Mais ces dix dernières années, avec le réchauffement de la planète, la glace fond de plus en plus vite, accélérant le rejet de méthane, un gaz à effet de serre 23 fois plus puissant que le dioxyde de carbone.

A Chersky, en Russie, un journaliste de l’agence Associated Press a suivi le scientifique Sergey Zimov.

Pour montrer que la glace contient bien du méthane, le Russe se déplace dans un lac gelé afin de dénicher un amas de bulles emprisonnées.

Un briquet d’une main, un couteau de l’autre, il perce la glace.
Résultat : du méthane gicle et explose dans une fine flamme bleue.

Certains scientifiques pensent que la fonte de ce pergélisol pourrait devenir la cause principale du changement climatique.

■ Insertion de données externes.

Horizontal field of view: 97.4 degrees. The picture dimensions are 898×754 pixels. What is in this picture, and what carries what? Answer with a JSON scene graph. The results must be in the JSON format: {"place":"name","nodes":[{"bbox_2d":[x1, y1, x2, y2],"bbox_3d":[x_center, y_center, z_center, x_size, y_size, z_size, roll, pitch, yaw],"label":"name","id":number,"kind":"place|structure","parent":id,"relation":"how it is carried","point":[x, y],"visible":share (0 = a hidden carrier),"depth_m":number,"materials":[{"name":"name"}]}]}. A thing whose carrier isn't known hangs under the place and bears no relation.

Ils estiment que 1.500 milliards de tonnes de carbone, piégé dans la glace depuis le temps des mammouths, représentent une bombe à retardement climatique qui n’attend qu’une chose :
exploser en étant relâchée dans l’atmosphère.

Si l’activité humaine (l'utilisation des voitures et l’électricité, par exemple) remplit l’atmosphère de dioxyde de carbone, de méthane et autres gaz qui retiennent la chaleur, le réchauffement climatique est encore plus important dans les régions polaires.

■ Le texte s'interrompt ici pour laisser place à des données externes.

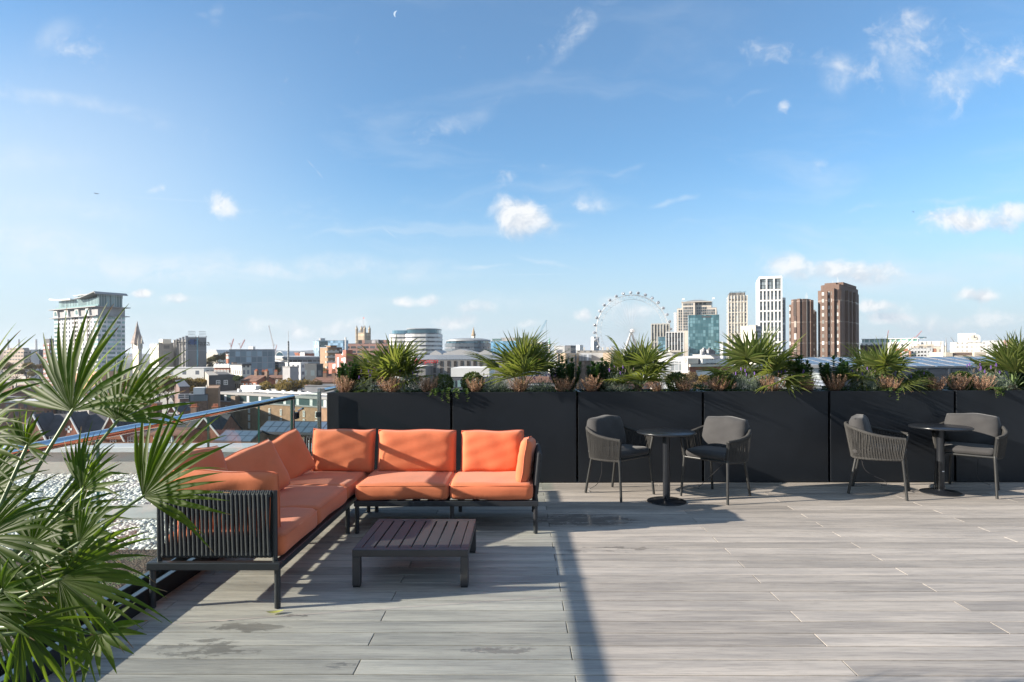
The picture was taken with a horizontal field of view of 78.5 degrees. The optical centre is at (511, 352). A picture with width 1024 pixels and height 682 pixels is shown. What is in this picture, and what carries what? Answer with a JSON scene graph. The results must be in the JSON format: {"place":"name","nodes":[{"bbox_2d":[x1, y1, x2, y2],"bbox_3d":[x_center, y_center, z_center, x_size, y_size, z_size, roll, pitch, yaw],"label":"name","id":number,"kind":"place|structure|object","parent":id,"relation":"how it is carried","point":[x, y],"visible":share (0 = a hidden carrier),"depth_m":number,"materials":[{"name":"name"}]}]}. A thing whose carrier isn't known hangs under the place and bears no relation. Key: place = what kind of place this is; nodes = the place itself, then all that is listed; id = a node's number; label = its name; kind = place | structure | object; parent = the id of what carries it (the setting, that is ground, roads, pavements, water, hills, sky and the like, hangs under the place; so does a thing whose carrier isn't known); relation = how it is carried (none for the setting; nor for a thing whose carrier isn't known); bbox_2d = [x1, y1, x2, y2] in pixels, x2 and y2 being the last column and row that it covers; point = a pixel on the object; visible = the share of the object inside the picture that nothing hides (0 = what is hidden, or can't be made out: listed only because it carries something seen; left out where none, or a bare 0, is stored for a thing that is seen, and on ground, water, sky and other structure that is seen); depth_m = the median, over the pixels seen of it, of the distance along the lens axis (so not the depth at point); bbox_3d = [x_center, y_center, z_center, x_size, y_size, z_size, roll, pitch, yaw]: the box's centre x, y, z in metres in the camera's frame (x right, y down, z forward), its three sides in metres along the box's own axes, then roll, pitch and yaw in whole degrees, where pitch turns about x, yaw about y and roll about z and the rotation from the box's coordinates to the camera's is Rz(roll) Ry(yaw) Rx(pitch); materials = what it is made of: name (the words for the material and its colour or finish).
{"place":"outdoors","nodes":[
{"label":"outdoors","id":0,"kind":"place"},
{"bbox_2d":[0,549,156,656],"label":"gravel bed","id":1,"kind":"object","parent":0,"point":[137,563],"depth_m":4.48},
{"bbox_2d":[17,504,164,520],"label":"paving path","id":2,"kind":"structure","parent":0,"point":[144,511],"depth_m":5.85,"materials":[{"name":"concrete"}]},
{"bbox_2d":[23,402,242,442],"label":"victorian block","id":3,"kind":"structure","parent":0,"point":[84,420],"depth_m":154.03,"materials":[{"name":"red brick"}]},
{"bbox_2d":[130,322,143,376],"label":"stone church","id":4,"kind":"structure","parent":0,"point":[137,342],"depth_m":505.84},
{"bbox_2d":[150,427,206,441],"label":"red house","id":5,"kind":"structure","parent":0,"point":[202,437],"depth_m":123.08,"materials":[{"name":"brick"}]},
{"bbox_2d":[206,384,219,409],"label":"brown block","id":6,"kind":"structure","parent":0,"point":[213,392],"depth_m":191.23,"materials":[{"name":"brick"}]},
{"bbox_2d":[212,430,267,441],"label":"solar house","id":7,"kind":"structure","parent":0,"point":[241,435],"depth_m":138.84,"materials":[{"name":"glass"}]},
{"bbox_2d":[260,420,326,441],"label":"solar house","id":8,"kind":"structure","parent":0,"point":[274,429],"depth_m":144.37,"materials":[{"name":"brick"}]},
{"bbox_2d":[0,354,817,438],"bbox_3d":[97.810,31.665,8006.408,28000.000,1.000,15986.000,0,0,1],"label":"ground","id":9,"kind":"structure","parent":0,"point":[129,361],"depth_m":1915.79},
{"bbox_2d":[3,348,29,378],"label":"concrete office","id":10,"kind":"structure","parent":9,"relation":"on","point":[21,353],"depth_m":711.04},
{"bbox_2d":[0,399,55,432],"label":"city house","id":11,"kind":"structure","parent":9,"relation":"on","point":[22,406],"depth_m":253.23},
{"bbox_2d":[48,291,129,388],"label":"apartment tower","id":12,"kind":"structure","parent":9,"relation":"on","point":[95,302],"depth_m":433.78,"materials":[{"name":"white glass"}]},
{"bbox_2d":[150,339,172,367],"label":"hotel block","id":13,"kind":"structure","parent":9,"relation":"on","point":[164,347],"depth_m":367.41,"materials":[{"name":"concrete"}]},
{"bbox_2d":[143,367,213,413],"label":"hotel podium","id":14,"kind":"object","parent":9,"relation":"on","point":[195,372],"visible":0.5,"depth_m":323.21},
{"bbox_2d":[175,379,191,413],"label":"brown block","id":15,"kind":"structure","parent":9,"relation":"on","point":[183,386],"depth_m":217.60,"materials":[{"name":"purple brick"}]},
{"bbox_2d":[173,331,208,366],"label":"hotel tower","id":16,"kind":"structure","parent":9,"relation":"on","point":[195,349],"depth_m":355.86,"materials":[{"name":"grey glass"}]},
{"bbox_2d":[189,387,207,412],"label":"brown block","id":17,"kind":"structure","parent":9,"relation":"on","point":[199,396],"depth_m":188.52,"materials":[{"name":"brick"}]},
{"bbox_2d":[205,370,234,390],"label":"grey flats","id":18,"kind":"structure","parent":9,"relation":"on","point":[225,381],"depth_m":264.42,"materials":[{"name":"brick"}]},
{"bbox_2d":[230,364,250,389],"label":"cream office","id":19,"kind":"structure","parent":9,"relation":"on","point":[244,370],"depth_m":283.67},
{"bbox_2d":[229,349,274,374],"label":"glass hotel","id":20,"kind":"structure","parent":9,"relation":"on","point":[260,360],"depth_m":326.43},
{"bbox_2d":[240,369,275,384],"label":"pitched house","id":21,"kind":"structure","parent":9,"relation":"on","point":[256,378],"depth_m":265.05,"materials":[{"name":"red brick"}]},
{"bbox_2d":[220,385,326,429],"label":"brick hotel","id":22,"kind":"structure","parent":9,"relation":"on","point":[246,419],"depth_m":239.01,"materials":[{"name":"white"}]},
{"bbox_2d":[275,378,302,391],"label":"tree","id":23,"kind":"object","parent":9,"relation":"on","point":[287,385],"visible":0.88,"depth_m":250.40,"materials":[{"name":"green plant"}]},
{"bbox_2d":[282,366,298,388],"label":"building","id":24,"kind":"structure","parent":9,"relation":"on","point":[292,372],"depth_m":272.91,"materials":[{"name":"concrete"}]},
{"bbox_2d":[275,356,319,363],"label":"banded flats","id":25,"kind":"structure","parent":9,"relation":"on","point":[312,359],"depth_m":427.98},
{"bbox_2d":[305,364,322,380],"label":"building","id":26,"kind":"structure","parent":9,"relation":"on","point":[313,371],"depth_m":292.49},
{"bbox_2d":[320,345,342,369],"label":"council tower","id":27,"kind":"structure","parent":9,"relation":"on","point":[327,353],"depth_m":353.24,"materials":[{"name":"beige brick"}]},
{"bbox_2d":[328,350,357,373],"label":"brick flats","id":28,"kind":"structure","parent":9,"relation":"on","point":[339,358],"depth_m":316.17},
{"bbox_2d":[348,340,389,384],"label":"pink office","id":29,"kind":"structure","parent":9,"relation":"on","point":[369,345],"depth_m":605.80,"materials":[{"name":"brick"}]},
{"bbox_2d":[445,338,490,351],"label":"domed office","id":30,"kind":"structure","parent":9,"relation":"on","point":[476,344],"depth_m":602.97,"materials":[{"name":"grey glass"}]},
{"bbox_2d":[451,366,494,388],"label":"building","id":31,"kind":"structure","parent":9,"relation":"on","point":[457,374],"depth_m":170.35,"materials":[{"name":"white concrete"}]},
{"bbox_2d":[593,291,671,350],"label":"observation wheel","id":32,"kind":"object","parent":9,"relation":"on","point":[630,330],"visible":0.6,"depth_m":1049.63,"materials":[{"name":"white metal"}]},
{"bbox_2d":[651,323,669,355],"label":"framed office","id":33,"kind":"structure","parent":9,"relation":"on","point":[659,330],"depth_m":700.78,"materials":[{"name":"concrete"}]},
{"bbox_2d":[666,331,683,356],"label":"framed office","id":34,"kind":"structure","parent":9,"relation":"on","point":[674,340],"depth_m":599.78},
{"bbox_2d":[688,315,718,355],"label":"green glass office","id":35,"kind":"structure","parent":9,"relation":"on","point":[703,331],"depth_m":651.20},
{"bbox_2d":[756,276,782,358],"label":"grid tower","id":36,"kind":"structure","parent":9,"relation":"on","point":[768,299],"depth_m":599.60,"materials":[{"name":"white concrete"}]},
{"bbox_2d":[861,337,926,350],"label":"long white office","id":37,"kind":"structure","parent":9,"relation":"on","point":[869,341],"depth_m":613.03,"materials":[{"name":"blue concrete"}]},
{"bbox_2d":[898,344,936,356],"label":"brick office","id":38,"kind":"structure","parent":9,"relation":"on","point":[924,349],"depth_m":349.61,"materials":[{"name":"brick"}]},
{"bbox_2d":[950,334,982,351],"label":"clock building","id":39,"kind":"structure","parent":9,"relation":"on","point":[971,343],"depth_m":1100.36,"materials":[{"name":"concrete"}]},
{"bbox_2d":[390,328,442,389],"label":"banded hotel","id":40,"kind":"structure","parent":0,"point":[433,336],"depth_m":503.34,"materials":[{"name":"blue glass"}]},
{"bbox_2d":[412,349,523,389],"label":"grey hotel","id":41,"kind":"structure","parent":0,"point":[440,361],"depth_m":271.88,"materials":[{"name":"concrete"}]},
{"bbox_2d":[491,338,531,375],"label":"blue glass block","id":42,"kind":"structure","parent":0,"point":[503,341],"depth_m":505.18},
{"bbox_2d":[0,0,1023,353],"label":"sky","id":43,"kind":"structure","parent":0,"point":[309,170],"materials":[{"name":"blue"}]},
{"bbox_2d":[579,353,627,388],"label":"atrium building","id":44,"kind":"structure","parent":0,"point":[585,359],"depth_m":300.14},
{"bbox_2d":[660,355,714,388],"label":"station roof","id":45,"kind":"structure","parent":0,"point":[676,368],"depth_m":250.31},
{"bbox_2d":[677,297,716,355],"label":"stone office tower","id":46,"kind":"structure","parent":0,"point":[698,307],"depth_m":904.78,"materials":[{"name":"white stone"}]},
{"bbox_2d":[682,357,732,388],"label":"heritage block","id":47,"kind":"structure","parent":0,"point":[691,364],"depth_m":221.10,"materials":[{"name":"concrete"}]},
{"bbox_2d":[727,291,747,365],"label":"pale tower","id":48,"kind":"structure","parent":0,"point":[737,310],"depth_m":699.72,"materials":[{"name":"white concrete"}]},
{"bbox_2d":[741,325,761,363],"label":"blank block","id":49,"kind":"structure","parent":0,"point":[756,328],"depth_m":502.26,"materials":[{"name":"concrete"}]},
{"bbox_2d":[789,294,813,363],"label":"brown tower","id":50,"kind":"structure","parent":0,"point":[801,317],"depth_m":304.65,"materials":[{"name":"brick"}]},
{"bbox_2d":[818,277,858,357],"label":"brown tower","id":51,"kind":"structure","parent":0,"point":[838,313],"depth_m":302.73,"materials":[{"name":"brick"}]},
{"bbox_2d":[737,364,1023,388],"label":"louvre plant house","id":52,"kind":"structure","parent":0,"point":[938,372],"depth_m":33.70,"materials":[{"name":"metal"}]},
{"bbox_2d":[899,357,968,366],"bbox_3d":[24.115,0.759,36.188,1.924,1.040,4.214,0,0,1],"label":"solar array","id":53,"kind":"object","parent":52,"relation":"on","point":[934,362],"visible":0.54,"depth_m":35.64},
{"bbox_2d":[927,352,985,356],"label":"cream hall","id":54,"kind":"structure","parent":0,"point":[938,354],"depth_m":259.53,"materials":[{"name":"concrete"}]},
{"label":"deck floor base","id":55,"kind":"structure","parent":0,"visible":0},
{"bbox_2d":[40,477,1023,681],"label":"deck floor","id":56,"kind":"structure","parent":55,"relation":"on","point":[828,581],"depth_m":3.94,"materials":[{"name":"wood"}]},
{"bbox_2d":[0,558,218,681],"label":"kerb edge","id":57,"kind":"object","parent":56,"relation":"attached to","point":[168,581],"depth_m":3.83,"materials":[{"name":"concrete"}]},
{"bbox_2d":[2,395,294,601],"bbox_3d":[-2.332,0.968,3.252,0.054,1.062,6.628,0,0,1],"label":"glass balustrade","id":58,"kind":"object","parent":57,"relation":"on","point":[114,432],"visible":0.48,"depth_m":4.21,"materials":[{"name":"teal"}]},
{"bbox_2d":[295,388,321,428],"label":"glass gate","id":59,"kind":"structure","parent":57,"relation":"on","point":[319,419],"depth_m":7.41,"materials":[{"name":"metal"}]},
{"bbox_2d":[146,436,370,608],"bbox_3d":[-1.803,1.186,5.005,0.846,0.734,2.426,0,0,1],"label":"corner sofa","id":60,"kind":"object","parent":56,"relation":"on","point":[314,505],"visible":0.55,"depth_m":3.82,"materials":[{"name":"orange fabric"}]},
{"bbox_2d":[163,445,227,484],"bbox_3d":[-2.207,0.872,4.378,0.160,0.420,0.580,-19,-6,12],"label":"back cushion","id":61,"kind":"object","parent":60,"relation":"on","point":[216,459],"visible":0.2,"depth_m":4.47,"materials":[{"name":"orange fabric"}]},
{"bbox_2d":[173,469,280,529],"bbox_3d":[-1.808,0.957,3.992,0.659,0.450,0.160,2,12,-2],"label":"back cushion","id":62,"kind":"object","parent":60,"relation":"on","point":[250,480],"visible":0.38,"depth_m":3.91,"materials":[{"name":"orange fabric"}]},
{"bbox_2d":[225,439,290,490],"bbox_3d":[-2.029,0.953,4.885,0.170,0.430,0.620,-27,0,24],"label":"back cushion","id":63,"kind":"object","parent":60,"relation":"on","point":[263,455],"visible":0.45,"depth_m":4.93,"materials":[{"name":"orange fabric"}]},
{"bbox_2d":[272,428,315,478],"bbox_3d":[-2.022,0.946,5.646,0.160,0.423,0.423,-20,8,37],"label":"back cushion","id":64,"kind":"object","parent":60,"relation":"on","point":[292,450],"visible":0.68,"depth_m":5.63,"materials":[{"name":"orange fabric"}]},
{"bbox_2d":[311,428,375,472],"bbox_3d":[-1.612,0.937,6.000,0.600,0.424,0.177,1,-9,-1],"label":"back cushion","id":65,"kind":"object","parent":60,"relation":"on","point":[343,449],"visible":0.91,"depth_m":5.92,"materials":[{"name":"orange fabric"}]},
{"bbox_2d":[327,390,452,469],"bbox_3d":[-1.469,1.010,7.753,1.475,1.075,0.550,0,0,1],"label":"planter trough","id":66,"kind":"object","parent":56,"relation":"on","point":[396,410],"visible":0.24,"depth_m":7.48,"materials":[{"name":"metal"}]},
{"bbox_2d":[336,358,361,391],"bbox_3d":[-2.018,0.282,7.765,0.343,0.450,0.355,0,0,1],"label":"evergreen shrub","id":67,"kind":"object","parent":66,"relation":"in","point":[343,369],"visible":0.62,"depth_m":7.69,"materials":[{"name":"green plant"}]},
{"bbox_2d":[344,333,433,390],"bbox_3d":[-1.538,0.167,7.766,1.122,0.825,1.074,0,0,-22],"label":"fan palm","id":68,"kind":"object","parent":66,"relation":"in","point":[394,359],"visible":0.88,"depth_m":7.65,"materials":[{"name":"plant"}]},
{"bbox_2d":[377,373,406,391],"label":"heather tuft","id":69,"kind":"object","parent":66,"relation":"on","point":[394,381],"visible":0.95,"depth_m":7.54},
{"bbox_2d":[395,368,424,391],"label":"lavender bush","id":70,"kind":"object","parent":66,"relation":"on","point":[409,387],"visible":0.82,"depth_m":7.62,"materials":[{"name":"green plant"}]},
{"bbox_2d":[433,373,453,391],"bbox_3d":[-0.852,0.389,7.754,0.280,0.280,0.287,0,0,1],"label":"box ball","id":71,"kind":"object","parent":66,"relation":"on","point":[449,380],"visible":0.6,"depth_m":7.69,"materials":[{"name":"green plant"}]},
{"bbox_2d":[334,381,1023,395],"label":"ground cover","id":72,"kind":"object","parent":66,"relation":"in","point":[694,388],"visible":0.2,"depth_m":7.63,"materials":[{"name":"green plant"}]},
{"bbox_2d":[352,519,475,586],"bbox_3d":[-0.669,1.428,4.529,0.770,0.251,0.770,0,0,1],"label":"coffee table","id":73,"kind":"object","parent":56,"relation":"on","point":[380,535],"visible":1,"depth_m":4.35,"materials":[{"name":"black metal"}]},
{"bbox_2d":[354,435,541,533],"bbox_3d":[-0.542,1.181,5.767,1.616,0.734,0.872,0,0,1],"label":"corner sofa","id":74,"kind":"object","parent":56,"relation":"on","point":[375,488],"visible":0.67,"depth_m":5.36,"materials":[{"name":"orange fabric"}]},
{"bbox_2d":[377,429,455,471],"bbox_3d":[-0.905,0.939,5.981,0.747,0.421,0.190,0,-9,0],"label":"back cushion","id":75,"kind":"object","parent":74,"relation":"on","point":[419,450],"visible":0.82,"depth_m":5.90,"materials":[{"name":"orange fabric"}]},
{"bbox_2d":[461,430,523,471],"bbox_3d":[-0.186,0.941,5.963,0.600,0.417,0.191,0,-9,3],"label":"back cushion","id":76,"kind":"object","parent":74,"relation":"on","point":[489,450],"visible":0.8,"depth_m":5.88,"materials":[{"name":"orange fabric"}]},
{"bbox_2d":[515,436,535,482],"bbox_3d":[0.125,0.956,5.619,0.136,0.411,0.443,8,-2,7],"label":"back cushion","id":77,"kind":"object","parent":74,"relation":"on","point":[525,461],"visible":0.96,"depth_m":5.42,"materials":[{"name":"orange fabric"}]},
{"bbox_2d":[453,389,575,481],"bbox_3d":[0.031,1.004,7.735,1.469,1.075,0.550,0,0,1],"label":"planter trough","id":78,"kind":"object","parent":56,"relation":"on","point":[547,420],"visible":0.57,"depth_m":7.46,"materials":[{"name":"metal"}]},
{"bbox_2d":[460,371,484,391],"bbox_3d":[-0.485,0.378,7.739,0.327,0.306,0.321,0,0,-7],"label":"box ball","id":79,"kind":"object","parent":78,"relation":"on","point":[472,374],"visible":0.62,"depth_m":7.68,"materials":[{"name":"green plant"}]},
{"bbox_2d":[463,326,570,391],"bbox_3d":[0.086,0.117,7.666,1.112,0.938,1.248,0,0,44],"label":"fan palm","id":80,"kind":"object","parent":78,"relation":"in","point":[527,355],"visible":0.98,"depth_m":7.59,"materials":[{"name":"plant"}]},
{"bbox_2d":[549,355,582,390],"bbox_3d":[0.658,0.261,7.762,0.389,0.472,0.442,0,0,-45],"label":"evergreen shrub","id":81,"kind":"object","parent":78,"relation":"in","point":[569,370],"visible":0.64,"depth_m":7.71,"materials":[{"name":"green plant"}]},
{"bbox_2d":[584,415,654,501],"bbox_3d":[1.142,1.121,6.882,0.683,0.847,0.622,0,0,-40],"label":"rope armchair","id":82,"kind":"object","parent":56,"relation":"on","point":[607,438],"visible":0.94,"depth_m":6.82,"materials":[{"name":"fabric"}]},
{"bbox_2d":[575,389,701,481],"bbox_3d":[1.524,0.999,7.717,1.462,1.075,0.550,0,0,1],"label":"planter trough","id":83,"kind":"object","parent":56,"relation":"on","point":[639,410],"visible":0.71,"depth_m":7.44,"materials":[{"name":"metal"}]},
{"bbox_2d":[585,357,613,391],"bbox_3d":[1.052,0.270,7.736,0.355,0.450,0.344,0,0,-22],"label":"evergreen shrub","id":84,"kind":"object","parent":83,"relation":"in","point":[598,368],"visible":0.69,"depth_m":7.67,"materials":[{"name":"green plant"}]},
{"bbox_2d":[598,365,633,391],"bbox_3d":[1.262,0.320,7.660,0.461,0.332,0.466,0,0,11],"label":"lavender bush","id":85,"kind":"object","parent":83,"relation":"on","point":[615,385],"visible":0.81,"depth_m":7.62,"materials":[{"name":"green plant"}]},
{"bbox_2d":[597,333,686,390],"bbox_3d":[1.560,0.148,7.651,1.145,0.842,1.096,0,0,43],"label":"fan palm","id":86,"kind":"object","parent":83,"relation":"in","point":[643,360],"visible":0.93,"depth_m":7.59,"materials":[{"name":"plant"}]},
{"bbox_2d":[665,371,688,390],"bbox_3d":[2.034,0.372,7.703,0.295,0.295,0.302,0,0,-14],"label":"box ball","id":87,"kind":"object","parent":83,"relation":"on","point":[676,375],"visible":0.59,"depth_m":7.64,"materials":[{"name":"green plant"}]},
{"bbox_2d":[637,428,695,505],"bbox_3d":[1.602,1.179,6.504,0.602,0.726,0.602,0,0,1],"label":"cafe table","id":88,"kind":"object","parent":56,"relation":"on","point":[666,498],"visible":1,"depth_m":6.47,"materials":[{"name":"metal"}]},
{"bbox_2d":[680,416,751,504],"bbox_3d":[2.223,1.116,6.745,0.622,0.847,0.683,0,0,-41],"label":"rope armchair","id":89,"kind":"object","parent":56,"relation":"on","point":[725,439],"visible":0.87,"depth_m":6.70,"materials":[{"name":"grey fabric"}]},
{"bbox_2d":[692,388,827,481],"bbox_3d":[3.013,0.993,7.699,1.460,1.075,0.550,0,0,1],"label":"planter trough","id":90,"kind":"object","parent":56,"relation":"on","point":[789,439],"visible":0.59,"depth_m":7.42,"materials":[{"name":"metal"}]},
{"bbox_2d":[731,367,761,390],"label":"lavender bush","id":91,"kind":"object","parent":90,"relation":"on","point":[754,385],"visible":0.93,"depth_m":7.58,"materials":[{"name":"green plant"}]},
{"bbox_2d":[694,321,821,395],"bbox_3d":[3.035,0.082,7.652,1.402,0.980,1.487,0,0,-37],"label":"fan palm","id":92,"kind":"object","parent":90,"relation":"in","point":[742,354],"visible":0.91,"depth_m":7.47,"materials":[{"name":"plant"}]},
{"bbox_2d":[788,354,813,390],"bbox_3d":[3.570,0.251,7.742,0.263,0.468,0.391,0,0,42],"label":"evergreen shrub","id":93,"kind":"object","parent":90,"relation":"in","point":[800,366],"visible":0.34,"depth_m":7.66,"materials":[{"name":"green plant"}]},
{"bbox_2d":[844,414,909,500],"bbox_3d":[3.995,1.109,6.882,0.622,0.847,0.683,0,0,34],"label":"rope armchair","id":94,"kind":"object","parent":56,"relation":"on","point":[864,439],"visible":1,"depth_m":6.72,"materials":[{"name":"grey fabric"}]},
{"bbox_2d":[816,388,953,481],"bbox_3d":[4.495,0.987,7.681,1.448,1.075,0.550,0,0,1],"label":"planter trough","id":95,"kind":"object","parent":56,"relation":"on","point":[881,409],"visible":0.58,"depth_m":7.41,"materials":[{"name":"metal"}]},
{"bbox_2d":[817,355,849,388],"bbox_3d":[3.944,0.252,7.687,0.381,0.463,0.434,0,0,23],"label":"evergreen shrub","id":96,"kind":"object","parent":95,"relation":"on","point":[840,368],"visible":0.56,"depth_m":7.61,"materials":[{"name":"green plant"}]},
{"bbox_2d":[822,374,847,390],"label":"heather tuft","id":97,"kind":"object","parent":95,"relation":"on","point":[835,387],"visible":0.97,"depth_m":7.50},
{"bbox_2d":[845,367,884,390],"bbox_3d":[4.279,0.322,7.630,0.427,0.304,0.423,0,0,-11],"label":"lavender bush","id":98,"kind":"object","parent":95,"relation":"on","point":[863,381],"visible":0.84,"depth_m":7.58,"materials":[{"name":"green plant"}]},
{"bbox_2d":[831,335,937,393],"bbox_3d":[4.499,0.151,7.672,1.212,0.798,1.142,0,0,19],"label":"fan palm","id":99,"kind":"object","parent":95,"relation":"in","point":[872,360],"visible":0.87,"depth_m":7.49,"materials":[{"name":"plant"}]},
{"bbox_2d":[908,423,973,496],"bbox_3d":[4.689,1.167,6.861,0.602,0.726,0.602,0,0,1],"label":"cafe table","id":100,"kind":"object","parent":56,"relation":"on","point":[940,489],"visible":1,"depth_m":6.83,"materials":[{"name":"metal"}]},
{"bbox_2d":[931,413,1007,498],"bbox_3d":[5.084,1.105,6.964,0.683,0.847,0.622,0,0,44],"label":"rope armchair","id":101,"kind":"object","parent":56,"relation":"on","point":[987,437],"visible":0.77,"depth_m":6.90,"materials":[{"name":"grey fabric"}]},
{"bbox_2d":[939,388,1023,481],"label":"planter trough","id":102,"kind":"object","parent":56,"relation":"on","point":[1007,408],"visible":0.46,"depth_m":7.39,"materials":[{"name":"metal"}]},
{"bbox_2d":[945,372,972,389],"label":"heather tuft","id":103,"kind":"object","parent":102,"relation":"on","point":[958,385],"visible":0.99,"depth_m":7.49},
{"bbox_2d":[966,363,1017,389],"bbox_3d":[5.817,0.296,7.625,0.524,0.346,0.514,0,0,24],"label":"lavender bush","id":104,"kind":"object","parent":102,"relation":"on","point":[999,382],"visible":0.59,"depth_m":7.55,"materials":[{"name":"green plant"}]},
{"bbox_2d":[961,326,1023,389],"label":"fan palm","id":105,"kind":"object","parent":102,"relation":"in","point":[1010,358],"visible":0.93,"depth_m":7.47,"materials":[{"name":"plant"}]},
{"bbox_3d":[-1.613,1.326,1.784,0.600,0.440,0.600,0,0,1],"label":"planter pot","id":106,"kind":"object","parent":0,"visible":0},
{"bbox_2d":[0,302,236,681],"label":"fan palm","id":107,"kind":"object","parent":106,"relation":"in","point":[64,568],"visible":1,"depth_m":1.89,"materials":[{"name":"plant"}]},
{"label":"pebble bed","id":108,"kind":"structure","parent":0,"visible":0},
{"bbox_2d":[0,473,177,548],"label":"white pebbles","id":109,"kind":"object","parent":108,"relation":"on","point":[52,486],"visible":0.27,"depth_m":6.54,"materials":[{"name":"gravel"}]},
{"bbox_2d":[3,442,311,474],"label":"parapet wall","id":110,"kind":"structure","parent":108,"relation":"on","point":[123,451],"depth_m":7.82,"materials":[{"name":"concrete"}]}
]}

Ce qui semble être une augmentation modeste des températures est suffisante pour faire fondre les glaciers du Groenland, réduire l’épaisseur de ceux de l’océan Arctique et accélérer la fonte du pergélisol.

Cette menace liée aux fuites de méthane est si récente qu’elle n’a pas été mentionnée dans le rapport du Groupe d'experts intergouvernemental sur l'évolution du climat (Giec) publié en 2007, qui s’alarmait de la montée des eaux pouvant inonder les villes côtières, des bouleversements au niveau des précipitations et de l’extinction d’espèces.

Le manque de données sur une longue période rend incertaine l’étendue de cette menace.

Un article publié en août dernier dans la revue Science, citait plusieurs experts qui affirmaient qu’il était trop tôt pour prédire si le méthane présent dans l’Arctique était un point essentiel du changement climatique ou non.

Néanmoins, cette région du monde est responsable de 9% des émissions de méthane globales.

Katey Walter Anthony, de l’université de l’Alaska, a mesuré les rejets de méthane dans plusieurs lacs de l’Arctique.

"Certains jours on aurait dit que le lac était en ébullition", s’exclame-t-elle.

Elle s’étonne auprès d’Associated Press de voir des quantités aussi importantes de méthane s’échapper de la glace.

Elle explique que plus de 50 milliards de tonnes pourraient être libérées des lacs sibériens.

C’est dix fois plus que la quantité de méthane qui se trouve actuellement dans l’atmosphère.

"Si le pergélisol devait fondre soudainement, d’un coup, une énorme quantité de gaz serait relâchée dans l’atmosphère.
Nous sentirions alors des températures très élevées à travers la planète", s’inquiète-t-elle.

Un problème qui pourrait être au centre des discussions le 29 novembre prochain lorsque les gouvernements du monde entier se réuniront à Cancun, au Mexique, pour trouver des solutions aux problèmes climatiques.

Malgré tout, des responsables de l’Onu ont déjà fait savoir qu’il était peu probable que ces deux semaines de discussions mènent à un véritable accord contraignant.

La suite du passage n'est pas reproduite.